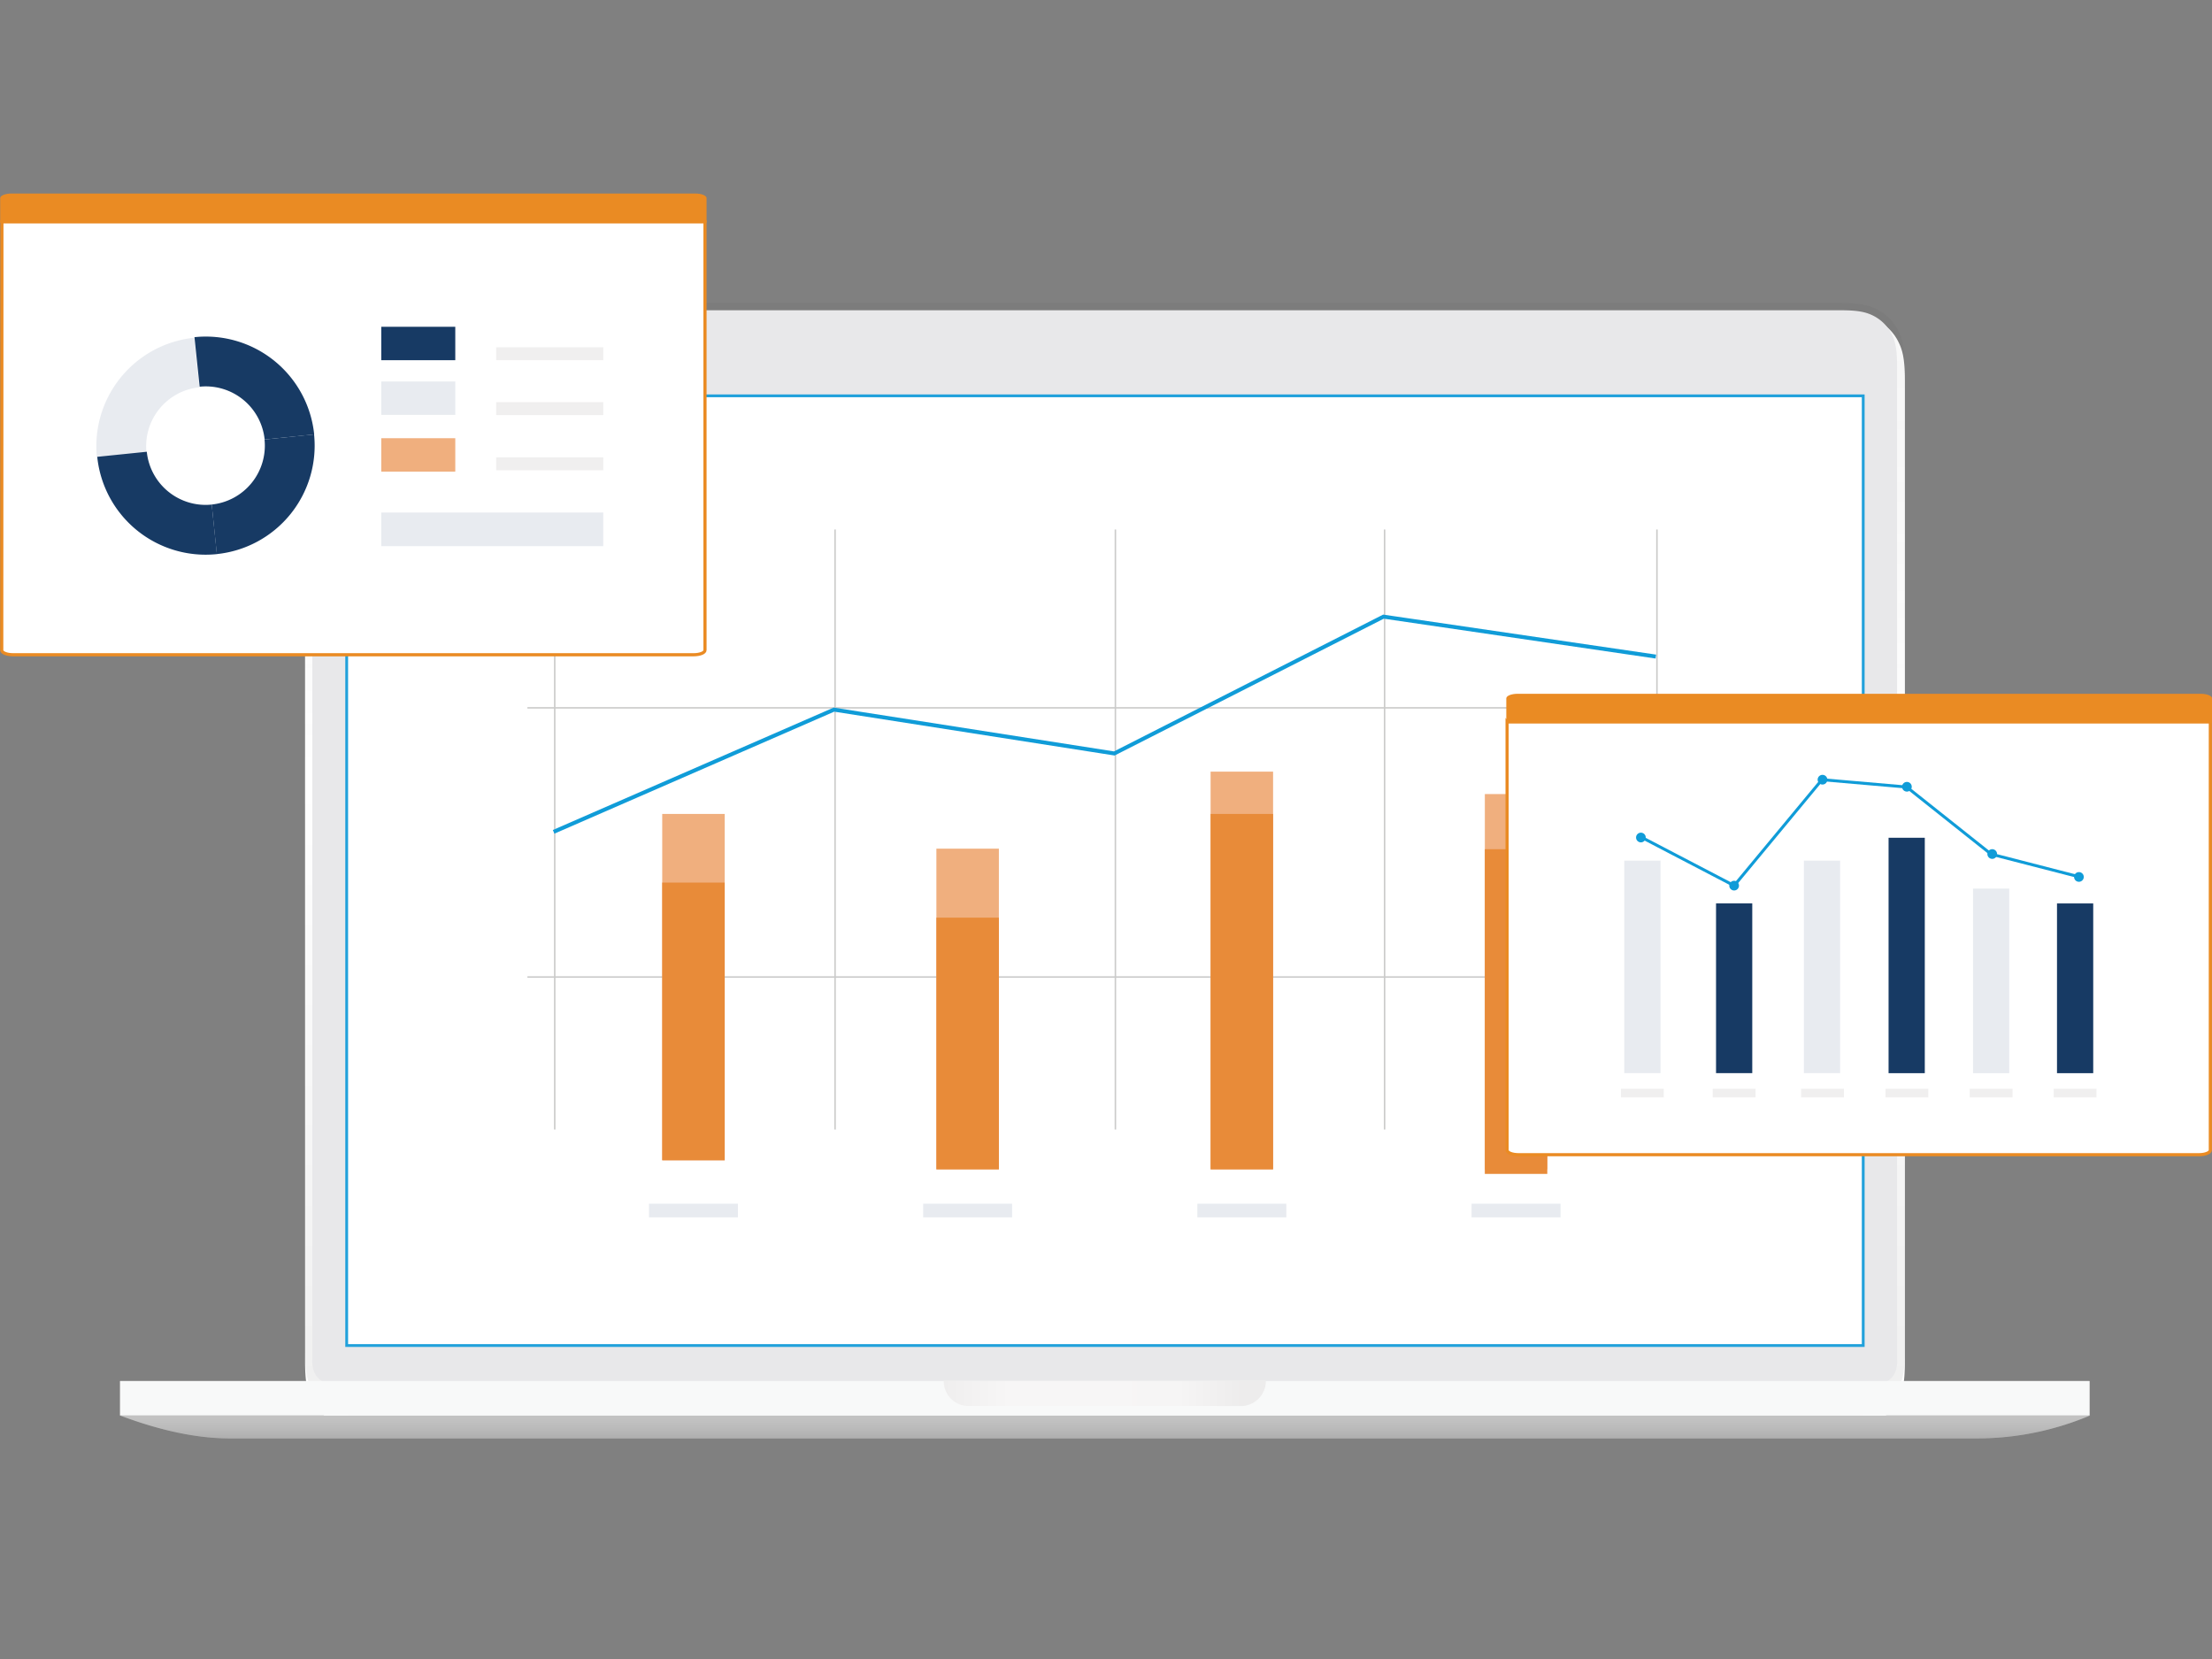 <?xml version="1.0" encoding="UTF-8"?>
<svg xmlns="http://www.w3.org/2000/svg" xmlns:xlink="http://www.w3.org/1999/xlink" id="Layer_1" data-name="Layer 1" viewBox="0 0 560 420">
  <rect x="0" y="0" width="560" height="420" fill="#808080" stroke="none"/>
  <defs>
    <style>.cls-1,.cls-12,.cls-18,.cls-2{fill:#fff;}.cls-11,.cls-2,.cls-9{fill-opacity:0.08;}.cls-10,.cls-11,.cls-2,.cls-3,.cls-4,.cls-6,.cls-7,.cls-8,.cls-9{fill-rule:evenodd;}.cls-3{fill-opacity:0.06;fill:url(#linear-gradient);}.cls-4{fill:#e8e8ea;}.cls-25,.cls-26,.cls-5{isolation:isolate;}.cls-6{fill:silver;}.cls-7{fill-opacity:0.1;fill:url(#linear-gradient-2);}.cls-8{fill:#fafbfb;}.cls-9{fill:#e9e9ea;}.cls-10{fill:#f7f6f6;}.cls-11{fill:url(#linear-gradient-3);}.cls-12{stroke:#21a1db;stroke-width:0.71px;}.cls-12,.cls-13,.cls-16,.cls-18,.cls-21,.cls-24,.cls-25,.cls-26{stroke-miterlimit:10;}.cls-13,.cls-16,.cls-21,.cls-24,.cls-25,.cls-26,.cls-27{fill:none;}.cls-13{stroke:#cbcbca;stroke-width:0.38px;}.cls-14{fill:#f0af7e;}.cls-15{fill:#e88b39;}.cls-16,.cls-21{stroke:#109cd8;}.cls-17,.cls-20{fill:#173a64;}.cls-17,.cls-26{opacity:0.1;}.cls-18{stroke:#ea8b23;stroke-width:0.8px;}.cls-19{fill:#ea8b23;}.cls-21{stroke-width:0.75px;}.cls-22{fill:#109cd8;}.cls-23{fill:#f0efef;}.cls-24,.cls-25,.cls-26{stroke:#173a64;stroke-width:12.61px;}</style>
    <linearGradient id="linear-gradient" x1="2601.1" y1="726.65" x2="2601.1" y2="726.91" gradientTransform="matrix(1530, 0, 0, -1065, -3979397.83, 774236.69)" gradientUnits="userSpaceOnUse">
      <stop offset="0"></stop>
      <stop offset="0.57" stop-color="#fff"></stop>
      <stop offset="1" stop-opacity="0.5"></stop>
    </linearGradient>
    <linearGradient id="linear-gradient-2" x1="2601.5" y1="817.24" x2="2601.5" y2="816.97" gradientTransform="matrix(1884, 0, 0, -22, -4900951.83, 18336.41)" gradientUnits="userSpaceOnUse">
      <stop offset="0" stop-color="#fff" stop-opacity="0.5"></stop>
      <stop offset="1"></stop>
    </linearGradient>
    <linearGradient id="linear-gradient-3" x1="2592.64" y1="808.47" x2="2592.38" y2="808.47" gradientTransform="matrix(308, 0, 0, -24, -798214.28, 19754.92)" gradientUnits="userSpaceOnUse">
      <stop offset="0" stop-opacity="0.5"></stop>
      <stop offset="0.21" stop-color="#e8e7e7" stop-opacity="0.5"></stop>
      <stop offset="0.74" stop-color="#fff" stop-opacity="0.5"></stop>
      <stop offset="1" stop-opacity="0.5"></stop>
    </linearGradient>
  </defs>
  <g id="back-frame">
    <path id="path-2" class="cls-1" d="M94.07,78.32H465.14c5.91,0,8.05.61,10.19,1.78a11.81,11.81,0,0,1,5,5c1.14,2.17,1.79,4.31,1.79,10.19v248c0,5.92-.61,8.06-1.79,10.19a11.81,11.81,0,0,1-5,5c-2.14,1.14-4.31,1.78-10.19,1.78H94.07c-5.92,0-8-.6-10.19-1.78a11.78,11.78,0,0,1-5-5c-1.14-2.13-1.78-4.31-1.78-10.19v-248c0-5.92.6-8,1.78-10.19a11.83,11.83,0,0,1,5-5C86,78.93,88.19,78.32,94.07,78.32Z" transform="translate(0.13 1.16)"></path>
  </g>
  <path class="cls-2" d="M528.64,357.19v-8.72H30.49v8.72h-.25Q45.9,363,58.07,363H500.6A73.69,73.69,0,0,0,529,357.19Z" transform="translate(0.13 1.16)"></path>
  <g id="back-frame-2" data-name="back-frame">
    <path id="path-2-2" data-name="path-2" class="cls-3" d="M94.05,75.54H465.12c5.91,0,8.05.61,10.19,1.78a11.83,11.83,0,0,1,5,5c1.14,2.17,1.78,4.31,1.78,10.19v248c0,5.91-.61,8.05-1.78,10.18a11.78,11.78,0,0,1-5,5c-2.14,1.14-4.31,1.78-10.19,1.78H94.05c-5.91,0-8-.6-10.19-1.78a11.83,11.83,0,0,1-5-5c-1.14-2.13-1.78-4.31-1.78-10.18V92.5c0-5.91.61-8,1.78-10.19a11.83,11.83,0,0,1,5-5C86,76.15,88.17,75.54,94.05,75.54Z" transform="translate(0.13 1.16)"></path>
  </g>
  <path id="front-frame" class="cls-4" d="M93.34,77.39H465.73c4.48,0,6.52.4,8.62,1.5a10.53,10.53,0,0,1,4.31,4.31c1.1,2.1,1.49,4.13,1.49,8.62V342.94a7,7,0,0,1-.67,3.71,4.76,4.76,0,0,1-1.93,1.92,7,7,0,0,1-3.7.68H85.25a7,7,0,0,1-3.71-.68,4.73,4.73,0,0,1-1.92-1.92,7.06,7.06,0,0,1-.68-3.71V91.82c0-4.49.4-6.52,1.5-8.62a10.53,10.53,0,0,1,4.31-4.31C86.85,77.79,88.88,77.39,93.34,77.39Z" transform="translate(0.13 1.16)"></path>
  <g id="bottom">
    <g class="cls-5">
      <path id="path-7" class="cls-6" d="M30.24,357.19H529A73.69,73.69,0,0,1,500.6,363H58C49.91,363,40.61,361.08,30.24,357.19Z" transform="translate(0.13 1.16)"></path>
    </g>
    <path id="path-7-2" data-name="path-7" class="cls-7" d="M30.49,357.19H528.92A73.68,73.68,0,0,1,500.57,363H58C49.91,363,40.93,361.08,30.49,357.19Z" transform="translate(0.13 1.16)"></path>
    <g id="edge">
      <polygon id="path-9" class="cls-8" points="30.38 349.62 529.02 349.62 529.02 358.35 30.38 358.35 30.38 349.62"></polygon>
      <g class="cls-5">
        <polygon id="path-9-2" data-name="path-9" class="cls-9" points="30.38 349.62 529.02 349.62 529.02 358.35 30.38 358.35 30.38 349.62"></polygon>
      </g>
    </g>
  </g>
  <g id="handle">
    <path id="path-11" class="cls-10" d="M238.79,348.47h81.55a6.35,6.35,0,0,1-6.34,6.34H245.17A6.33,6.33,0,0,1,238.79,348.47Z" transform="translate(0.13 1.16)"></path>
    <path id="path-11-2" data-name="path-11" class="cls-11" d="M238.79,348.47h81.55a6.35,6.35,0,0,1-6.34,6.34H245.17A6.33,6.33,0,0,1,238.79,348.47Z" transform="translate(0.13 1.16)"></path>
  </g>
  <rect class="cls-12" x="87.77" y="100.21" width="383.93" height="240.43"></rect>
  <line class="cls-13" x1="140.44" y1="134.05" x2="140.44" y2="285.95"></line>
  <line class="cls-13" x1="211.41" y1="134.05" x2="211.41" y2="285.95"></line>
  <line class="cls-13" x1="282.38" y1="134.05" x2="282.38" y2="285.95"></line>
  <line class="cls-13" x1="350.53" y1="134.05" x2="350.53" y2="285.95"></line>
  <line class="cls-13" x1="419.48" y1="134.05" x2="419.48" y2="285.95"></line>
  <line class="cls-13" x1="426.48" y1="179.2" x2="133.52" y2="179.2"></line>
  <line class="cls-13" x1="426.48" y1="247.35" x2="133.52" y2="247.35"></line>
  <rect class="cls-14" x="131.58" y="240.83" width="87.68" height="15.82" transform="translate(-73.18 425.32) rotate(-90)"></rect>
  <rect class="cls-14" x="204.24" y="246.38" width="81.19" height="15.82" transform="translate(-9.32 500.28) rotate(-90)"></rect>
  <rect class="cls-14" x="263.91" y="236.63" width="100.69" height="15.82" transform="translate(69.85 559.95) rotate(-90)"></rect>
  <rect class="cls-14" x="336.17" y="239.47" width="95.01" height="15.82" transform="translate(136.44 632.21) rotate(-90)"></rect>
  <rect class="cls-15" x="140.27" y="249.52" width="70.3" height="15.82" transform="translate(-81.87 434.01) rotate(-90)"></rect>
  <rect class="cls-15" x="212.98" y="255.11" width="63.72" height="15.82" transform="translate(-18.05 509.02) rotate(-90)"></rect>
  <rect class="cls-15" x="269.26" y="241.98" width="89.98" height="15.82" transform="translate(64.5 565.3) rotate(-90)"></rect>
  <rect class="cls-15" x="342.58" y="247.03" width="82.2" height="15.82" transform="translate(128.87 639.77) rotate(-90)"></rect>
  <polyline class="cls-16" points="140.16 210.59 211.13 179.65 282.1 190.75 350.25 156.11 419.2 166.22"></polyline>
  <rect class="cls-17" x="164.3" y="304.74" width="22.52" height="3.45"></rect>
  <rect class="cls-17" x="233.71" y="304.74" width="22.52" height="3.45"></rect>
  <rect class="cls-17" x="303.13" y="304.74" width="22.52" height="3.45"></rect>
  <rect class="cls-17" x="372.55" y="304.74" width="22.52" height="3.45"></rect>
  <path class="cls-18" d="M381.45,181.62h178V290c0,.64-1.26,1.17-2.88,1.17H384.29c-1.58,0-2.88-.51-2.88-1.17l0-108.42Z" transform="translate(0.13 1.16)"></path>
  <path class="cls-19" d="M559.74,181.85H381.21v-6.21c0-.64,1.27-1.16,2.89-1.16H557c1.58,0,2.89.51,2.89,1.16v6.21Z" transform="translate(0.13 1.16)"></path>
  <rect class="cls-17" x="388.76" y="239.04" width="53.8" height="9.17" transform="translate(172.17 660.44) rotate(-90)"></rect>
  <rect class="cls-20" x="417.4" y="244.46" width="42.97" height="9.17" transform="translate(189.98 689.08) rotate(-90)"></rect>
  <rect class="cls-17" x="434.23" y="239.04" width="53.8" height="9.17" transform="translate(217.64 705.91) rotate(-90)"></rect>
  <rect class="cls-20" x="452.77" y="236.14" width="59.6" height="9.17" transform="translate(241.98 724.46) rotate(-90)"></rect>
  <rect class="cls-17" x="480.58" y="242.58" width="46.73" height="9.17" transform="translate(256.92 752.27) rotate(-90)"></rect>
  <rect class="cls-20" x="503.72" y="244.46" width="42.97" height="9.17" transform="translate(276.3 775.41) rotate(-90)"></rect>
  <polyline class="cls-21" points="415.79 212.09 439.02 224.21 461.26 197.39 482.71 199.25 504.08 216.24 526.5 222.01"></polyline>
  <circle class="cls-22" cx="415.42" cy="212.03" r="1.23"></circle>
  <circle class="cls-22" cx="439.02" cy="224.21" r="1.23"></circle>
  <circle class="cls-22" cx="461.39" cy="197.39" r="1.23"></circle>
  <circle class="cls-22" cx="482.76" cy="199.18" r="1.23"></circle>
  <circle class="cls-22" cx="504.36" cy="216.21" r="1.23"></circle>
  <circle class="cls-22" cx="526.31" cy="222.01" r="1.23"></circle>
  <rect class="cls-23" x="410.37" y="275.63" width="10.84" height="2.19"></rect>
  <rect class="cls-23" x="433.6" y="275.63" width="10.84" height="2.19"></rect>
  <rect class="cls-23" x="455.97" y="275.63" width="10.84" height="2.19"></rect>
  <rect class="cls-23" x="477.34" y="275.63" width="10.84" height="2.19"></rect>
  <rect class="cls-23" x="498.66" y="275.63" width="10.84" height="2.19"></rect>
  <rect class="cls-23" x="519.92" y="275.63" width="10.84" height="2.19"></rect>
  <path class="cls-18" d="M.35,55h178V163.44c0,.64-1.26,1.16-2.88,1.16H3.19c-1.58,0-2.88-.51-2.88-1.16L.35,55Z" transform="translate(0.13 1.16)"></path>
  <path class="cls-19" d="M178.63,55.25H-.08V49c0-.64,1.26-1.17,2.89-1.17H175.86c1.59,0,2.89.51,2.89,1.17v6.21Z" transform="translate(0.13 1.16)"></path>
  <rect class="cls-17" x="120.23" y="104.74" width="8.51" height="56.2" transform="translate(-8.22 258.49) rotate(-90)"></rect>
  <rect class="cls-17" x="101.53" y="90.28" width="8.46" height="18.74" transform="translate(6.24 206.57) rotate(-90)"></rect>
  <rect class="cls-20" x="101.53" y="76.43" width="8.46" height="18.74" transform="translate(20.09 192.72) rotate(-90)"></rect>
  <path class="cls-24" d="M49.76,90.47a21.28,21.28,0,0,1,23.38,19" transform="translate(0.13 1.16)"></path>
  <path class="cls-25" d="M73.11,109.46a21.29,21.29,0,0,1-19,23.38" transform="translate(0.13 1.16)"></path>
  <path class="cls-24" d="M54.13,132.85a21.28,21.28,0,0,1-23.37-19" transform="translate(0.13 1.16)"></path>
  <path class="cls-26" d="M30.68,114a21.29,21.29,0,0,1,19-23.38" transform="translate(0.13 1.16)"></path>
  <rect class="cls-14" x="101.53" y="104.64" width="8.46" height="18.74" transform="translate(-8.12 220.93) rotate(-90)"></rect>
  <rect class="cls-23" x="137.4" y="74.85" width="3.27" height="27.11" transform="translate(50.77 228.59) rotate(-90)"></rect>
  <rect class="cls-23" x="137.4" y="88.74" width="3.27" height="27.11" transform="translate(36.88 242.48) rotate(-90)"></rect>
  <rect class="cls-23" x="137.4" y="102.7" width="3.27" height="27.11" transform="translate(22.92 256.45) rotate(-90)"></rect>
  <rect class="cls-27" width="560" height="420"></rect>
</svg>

TASK GOAL: Scan the listing and report each line where the word "back" shows up.

EXERCISE RESULT:
  <g id="back-frame">
  <g id="back-frame-2" data-name="back-frame">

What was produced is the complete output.